### GIVEN INFORMATION ###

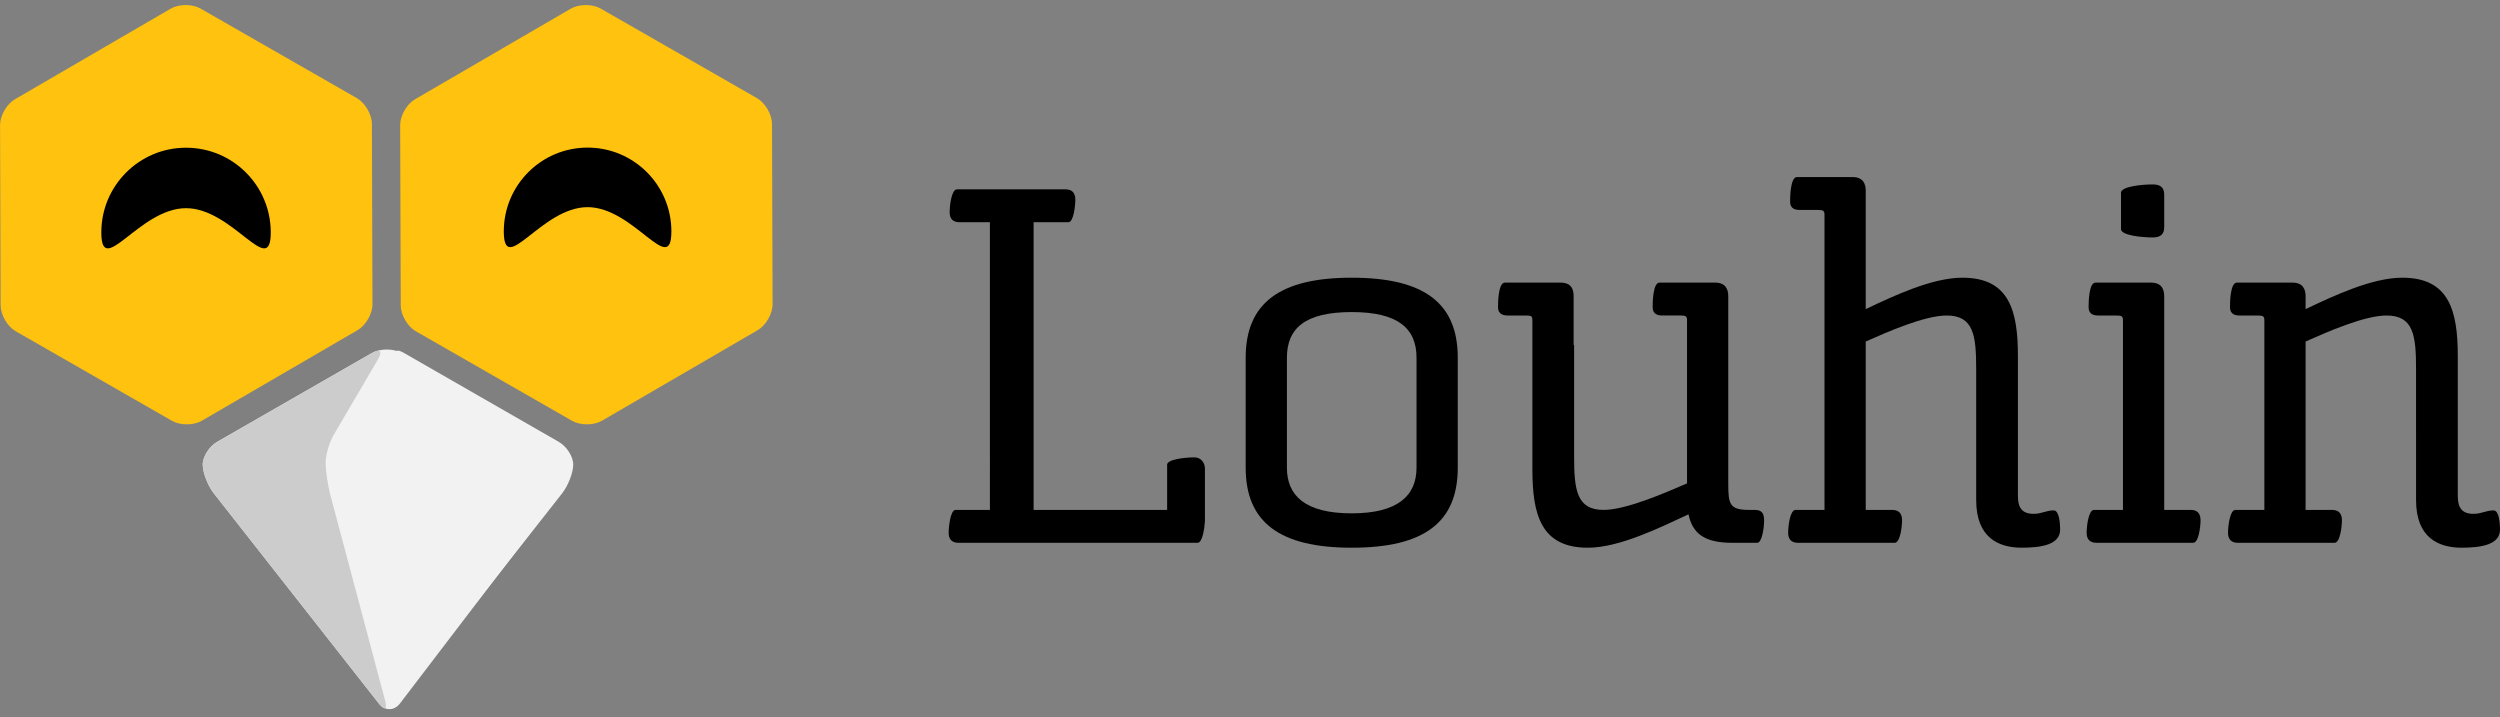 <?xml version="1.0" encoding="utf-8"?>
<!-- Generator: Adobe Illustrator 16.0.3, SVG Export Plug-In . SVG Version: 6.00 Build 0)  -->
<!DOCTYPE svg PUBLIC "-//W3C//DTD SVG 1.1//EN" "http://www.w3.org/Graphics/SVG/1.1/DTD/svg11.dtd">
<svg version="1.1" id="Layer_1" xmlns="http://www.w3.org/2000/svg" xmlns:xlink="http://www.w3.org/1999/xlink" x="0px" y="0px"
	 width="1018.471px" height="292.15px" viewBox="0 0 1018.471 292.15" enable-background="new 0 0 1018.471 292.15"
	 xml:space="preserve">
<rect x="0" y="0" width="1018.471" height="292.15" fill="#808080" stroke="none"/>
<g>
	<path fill="#FFC20E" d="M81.68,3.48c-3.34-1.914-8.796-1.896-12.124,0.039L6.051,40.461C2.723,42.396,0.01,47.13,0.022,50.98
		l0.235,73.461c0.012,3.85,2.755,8.566,6.096,10.48l63.735,36.528c3.34,1.914,8.796,1.896,12.124-0.039l63.502-36.939
		c3.328-1.936,6.041-6.669,6.028-10.52l-0.234-73.468c-0.012-3.85-2.755-8.566-6.096-10.48L81.68,3.48z"/>
</g>
<g>
	<path fill="#FFC20E" d="M244.68,3.48c-3.34-1.914-8.796-1.896-12.124,0.039l-63.505,36.941c-3.328,1.936-6.041,6.669-6.028,10.52
		l0.235,73.461c0.012,3.85,2.755,8.566,6.096,10.48l63.735,36.528c3.34,1.914,8.796,1.896,12.124-0.039l63.502-36.939
		c3.328-1.936,6.041-6.669,6.028-10.52l-0.234-73.468c-0.012-3.85-2.755-8.566-6.096-10.48L244.68,3.48z"/>
</g>
<path d="M110.303,94.687c0,19.062-15.451-9.877-34.513-9.877s-34.513,28.938-34.513,9.877c0-19.059,15.451-34.512,34.513-34.512
	S110.303,75.628,110.303,94.687z"/>
<path d="M273.513,94.267c0,18.854-15.282-9.878-34.137-9.878c-18.854,0-34.138,28.732-34.138,9.878
	c0-18.851,15.284-34.136,34.138-34.136C258.23,60.131,273.513,75.416,273.513,94.267z"/>
<g>
	<path fill="#F2F2F2" d="M163.623,143.813c-3.345-1.906-8.814-1.897-12.152,0.02l-62.981,36.163
		c-3.338,1.917-5.995,6.175-5.902,9.463s2.113,8.456,4.491,11.483l67.293,85.702c2.378,3.028,6.234,3.001,8.569-0.06l65.63-86.012
		c2.335-3.061,4.171-8.256,4.08-11.545s-2.903-7.54-6.248-9.445L163.623,143.813z"/>
</g>
<g>
	<path fill="#CCCCCC" d="M153.999,146.385c1.948-3.32,0.811-4.469-2.528-2.552l-62.981,36.163c-3.338,1.917-5.995,6.175-5.902,9.463
		s2.113,8.456,4.491,11.483l67.293,85.702c2.378,3.028,3.512,2.461,2.521-1.259l-22.274-83.613
		c-0.991-3.72-1.876-9.455-1.968-12.744s1.428-8.697,3.376-12.017L153.999,146.385z"/>
</g>
<g>
	<path fill="#F2F2F2" d="M163.014,145.758c-2.443-2.976-1.71-3.842,1.628-1.925l62.981,36.163c3.338,1.917,5.995,6.175,5.902,9.463
		s-2.113,8.456-4.491,11.483l-67.293,85.702c-2.378,3.028-3.232,2.55-1.898-1.061l31.027-84.009c1.334-3.611,2.5-9.257,2.591-12.546
		s-1.833-8.415-4.276-11.39L163.014,145.758z"/>
</g>
<g>
	<path d="M421.077,90.532V207.73h54.399v-18.399c0-2.2,7.2-3,11.2-3c2.4,0,4.2,2,4.2,4.6v21.4c-0.2,3-1,8.8-3,8.8h-97.398
		c-2.8,0-4-1.6-4-4c0-3,0.8-9.4,2.8-9.4h14V90.532h-12.4c-2.8,0-4-1.6-4-4c0-3,0.8-9.399,3-9.399h44.2c2.8,0,4,1.6,4,4.2
		c0,2.8-0.8,9.2-2.8,9.2H421.077z"/>
	<path d="M593.876,190.531c0,22.2-13.601,32.6-43.199,32.6c-29.4,0-43.2-10.4-43.2-32.6v-44.799c0-22.2,13.8-32.6,43.2-32.6
		c29.599,0,43.199,10.4,43.199,32.6V190.531z M577.076,145.731c0-12-7.601-18.6-26.399-18.6c-19,0-26.4,6.6-26.4,18.6v44.799
		c0,11.4,7.4,18.6,26.4,18.6c18.799,0,26.399-7.2,26.399-18.6V145.731z"/>
	<path d="M698.678,115.132c4.4,0,5.4,2.8,5.4,5.6v76.399c0,8.4,0.6,10.6,8.6,10.6h2.2c3.199,0,3.8,1.8,3.8,4.4c0,2.6-0.8,9-2.8,9
		h-10.2c-11.6,0-16.2-4-17.8-11.6c-11.6,5.4-28.199,13.6-40.999,13.6c-19.2,0-22.6-13.6-22.6-32v-60.599c0-1.6-0.2-2-2.601-2h-7.399
		c-3,0-4-1.4-4-3.4c0-1.4,0-10,2.8-10h22.6c4.6,0,5.4,2.8,5.4,5.6v19.8h0.199v45.399c0,13.6,1,21.8,12,21.8c9.2,0,25.2-7,34-10.8
		v-66.399c0-1.6-0.4-2-2.601-2h-7.6c-2.8,0-3.8-1.4-3.8-3.4c0-1.4,0-10,2.8-10H698.678z"/>
	<path d="M805.075,150.332c0-13.6-1-21.8-12-21.8c-9,0-24,6.6-32.999,10.6v68.599h10.8c2.8,0,4,1.6,4,4.2c0,2.8-0.801,9.2-3,9.2
		h-39.399c-2.801,0-4-1.6-4-4c0-3,0.8-9.4,3-9.4h11.8V87.532c0-1.6-0.4-2-2.601-2h-7.6c-2.8,0-3.8-1.4-3.8-3.4c0-1.4,0-10,2.8-10
		h22.6c4.4,0,5.4,2.8,5.4,5.6v48.199c11.399-5.4,26.999-12.8,39.399-12.8c19.199,0,22.6,13.6,22.6,32v57c0,4.8,1.8,7.2,6.399,7.2
		c3.4,0,5-1.4,8.2-1.4c2.2,0,2.6,5.2,2.6,7.8c0,6-7.2,7.4-15.6,7.4c-9.399,0-18.6-4-18.6-19.4V150.332z"/>
	<path d="M864.874,207.73v-77.199c0-1.6-0.4-2-2.601-2h-7.6c-2.8,0-3.8-1.4-3.8-3.4c0-1.4,0-10,2.8-10h22.6c4.4,0,5.4,2.8,5.4,5.6
		v86.999h10.8c2.8,0,4,1.6,4,4.2c0,2.8-0.801,9.2-3,9.2h-39.399c-2.801,0-4-1.6-4-4c0-3,0.8-9.4,3-9.4H864.874z M881.674,92.532
		c0,2.4-1,4.2-4.601,4.2c-4.399,0-13-0.8-13-3.4v-14.8c0-2.6,8.601-3.4,13-3.4c3.601,0,4.601,1.8,4.601,4.2V92.532z"/>
	<path d="M984.271,150.332c0-13.6-1-21.8-12-21.8c-9,0-24,6.6-32.999,10.6v68.599h10.8c2.8,0,4,1.6,4,4.2c0,2.8-0.801,9.2-3,9.2
		h-39.399c-2.801,0-4-1.6-4-4c0-3,0.8-9.4,3-9.4h11.8v-77.199c0-1.6-0.4-2-2.601-2h-7.6c-2.8,0-3.8-1.4-3.8-3.4c0-1.4,0-10,2.8-10
		h22.6c4.4,0,5.4,2.8,5.4,5.6v5.2c11.399-5.4,26.999-12.8,39.399-12.8c19.199,0,22.6,13.6,22.6,32v57c0,4.8,1.8,7.2,6.399,7.2
		c3.4,0,5-1.4,8.2-1.4c2.2,0,2.6,5.2,2.6,7.8c0,6-7.2,7.4-15.6,7.4c-9.399,0-18.6-4-18.6-19.4V150.332z"/>
</g>
<g>
</g>
<g>
</g>
<g>
</g>
<g>
</g>
<g>
</g>
<g>
</g>
<g>
</g>
<g>
</g>
<g>
</g>
<g>
</g>
<g>
</g>
<g>
</g>
<g>
</g>
<g>
</g>
<g>
</g>
</svg>

###

#### TASK OBJECTIVE:
Return every line holding the word "http" from the records.

#### RESPONSE:
<!DOCTYPE svg PUBLIC "-//W3C//DTD SVG 1.1//EN" "http://www.w3.org/Graphics/SVG/1.1/DTD/svg11.dtd">
<svg version="1.1" id="Layer_1" xmlns="http://www.w3.org/2000/svg" xmlns:xlink="http://www.w3.org/1999/xlink" x="0px" y="0px"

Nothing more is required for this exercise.